WORK TASK
Keep the images out and copy every entry below exactly.

=== Begin Enclosure ===

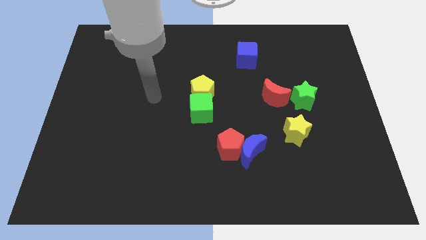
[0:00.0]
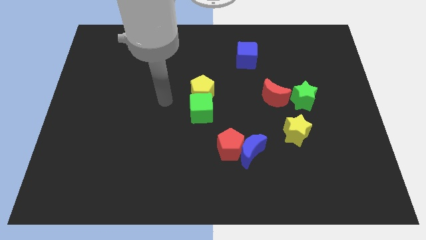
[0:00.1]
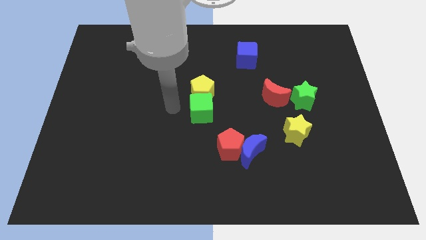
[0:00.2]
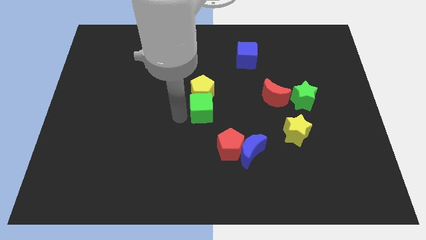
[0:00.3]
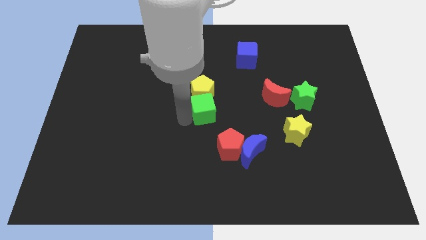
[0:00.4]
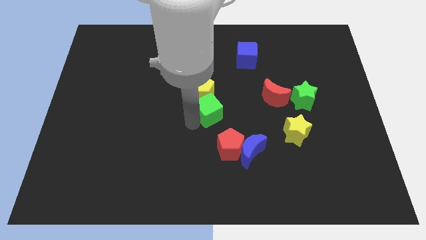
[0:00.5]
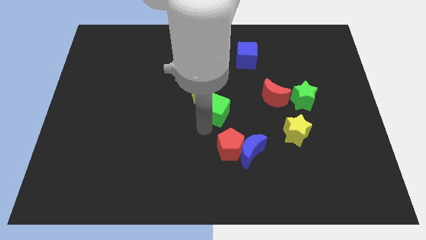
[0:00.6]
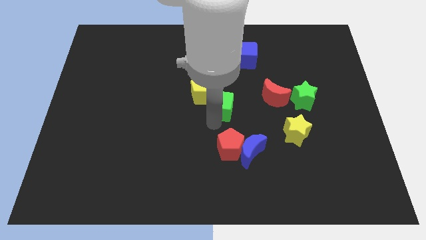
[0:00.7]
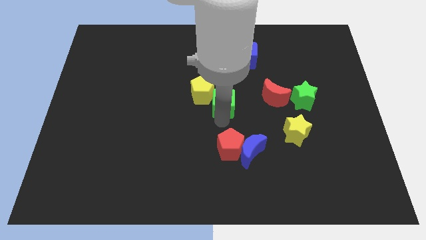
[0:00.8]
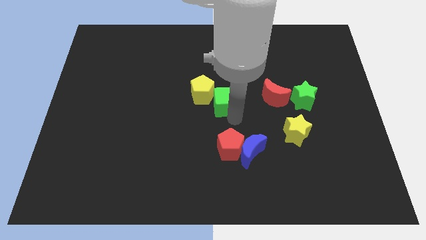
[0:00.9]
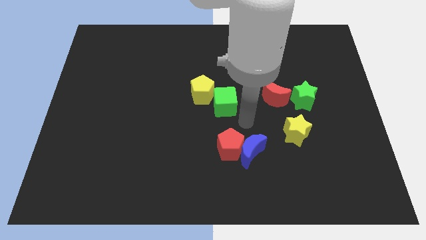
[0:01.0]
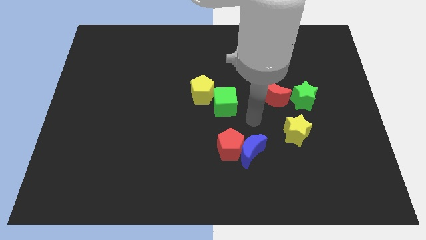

=== End Enclosure ===

ANSWER FOR THIS EXERCISE
[0:00.0]
[0:00.1]
[0:00.2]
[0:00.3]
[0:00.4]
[0:00.5]
[0:00.6]
[0:00.7]
[0:00.8]
[0:00.9]
[0:01.0]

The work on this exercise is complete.